• **Requirement**
Leave out the pictures, and write out exactly the lines from the beginning of the material to the line holding "Q: Stroke contrast? A: Low.", that line included, and nothing else.

• **Recorded data**

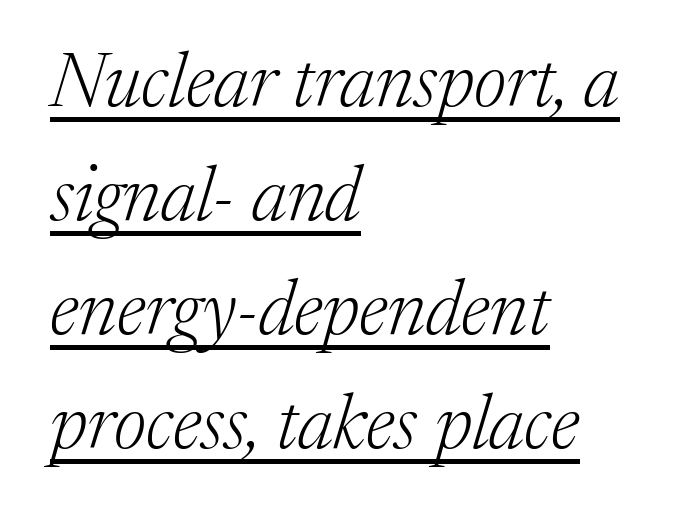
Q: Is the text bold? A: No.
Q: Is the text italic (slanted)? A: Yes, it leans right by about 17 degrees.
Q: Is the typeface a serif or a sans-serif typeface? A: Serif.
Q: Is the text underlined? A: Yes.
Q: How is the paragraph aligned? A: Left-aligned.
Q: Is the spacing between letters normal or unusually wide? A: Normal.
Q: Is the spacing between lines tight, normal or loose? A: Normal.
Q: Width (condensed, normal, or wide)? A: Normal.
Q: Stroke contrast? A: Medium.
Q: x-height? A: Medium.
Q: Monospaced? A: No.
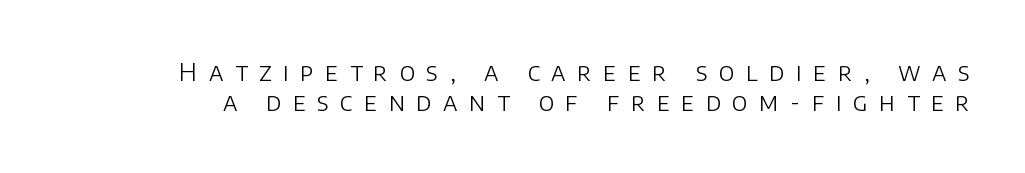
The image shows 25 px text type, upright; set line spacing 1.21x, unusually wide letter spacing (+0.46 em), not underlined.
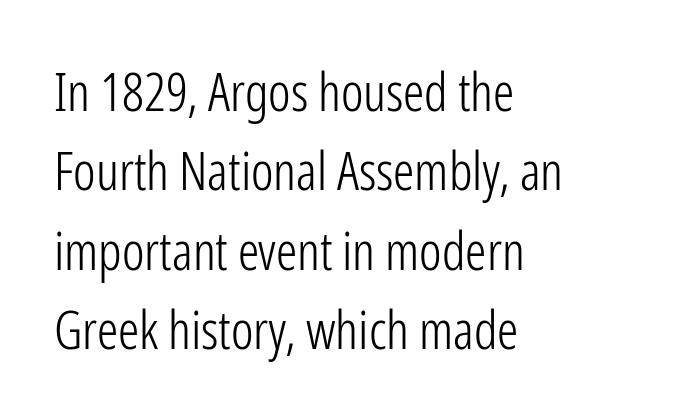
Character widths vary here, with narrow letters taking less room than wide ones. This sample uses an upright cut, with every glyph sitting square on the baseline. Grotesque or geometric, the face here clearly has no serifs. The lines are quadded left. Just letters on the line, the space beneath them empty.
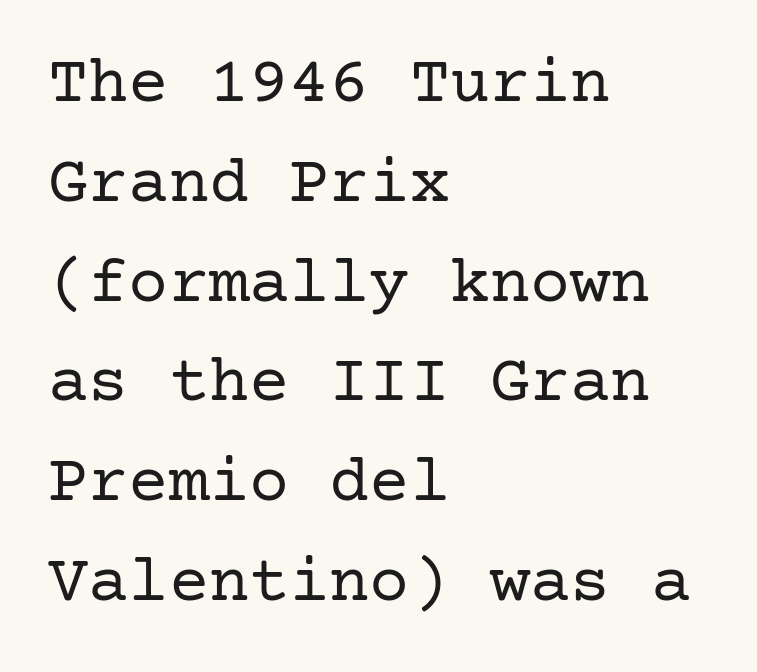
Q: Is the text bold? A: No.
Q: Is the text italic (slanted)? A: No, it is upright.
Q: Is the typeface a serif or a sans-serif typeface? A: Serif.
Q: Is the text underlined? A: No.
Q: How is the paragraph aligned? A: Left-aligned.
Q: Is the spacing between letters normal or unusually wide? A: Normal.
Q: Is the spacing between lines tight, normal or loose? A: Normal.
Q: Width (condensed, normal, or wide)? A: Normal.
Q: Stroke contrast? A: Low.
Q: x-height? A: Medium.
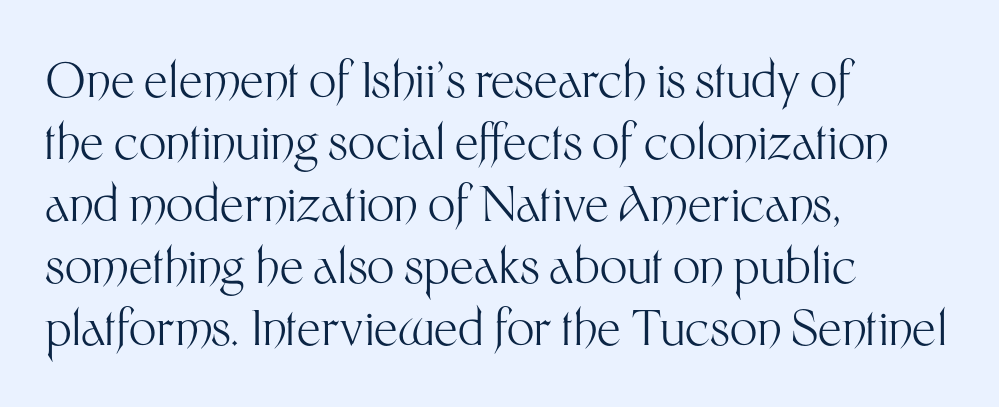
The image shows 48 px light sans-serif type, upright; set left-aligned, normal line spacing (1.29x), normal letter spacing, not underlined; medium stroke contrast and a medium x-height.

• **Answer to the problem**
Q: Is the text bold? A: No.
Q: Is the text italic (slanted)? A: Yes, it leans right by about 17 degrees.
Q: Is the typeface a serif or a sans-serif typeface? A: Serif.
Q: Is the text underlined? A: Yes.
Q: How is the paragraph aligned? A: Left-aligned.
Q: Is the spacing between letters normal or unusually wide? A: Normal.
Q: Is the spacing between lines tight, normal or loose? A: Normal.
Q: Width (condensed, normal, or wide)? A: Normal.
Q: Stroke contrast? A: Medium.
Q: x-height? A: Medium.
Q: Monospaced? A: No.
The image shows 25 px text type, upright; set line spacing 1.21x, unusually wide letter spacing (+0.46 em), not underlined.
Character widths vary here, with narrow letters taking less room than wide ones. This sample uses an upright cut, with every glyph sitting square on the baseline. Grotesque or geometric, the face here clearly has no serifs. The lines are quadded left. Just letters on the line, the space beneath them empty.
Q: Is the text bold? A: No.
Q: Is the text italic (slanted)? A: No, it is upright.
Q: Is the typeface a serif or a sans-serif typeface? A: Serif.
Q: Is the text underlined? A: No.
Q: How is the paragraph aligned? A: Left-aligned.
Q: Is the spacing between letters normal or unusually wide? A: Normal.
Q: Is the spacing between lines tight, normal or loose? A: Normal.
Q: Width (condensed, normal, or wide)? A: Normal.
Q: Stroke contrast? A: Low.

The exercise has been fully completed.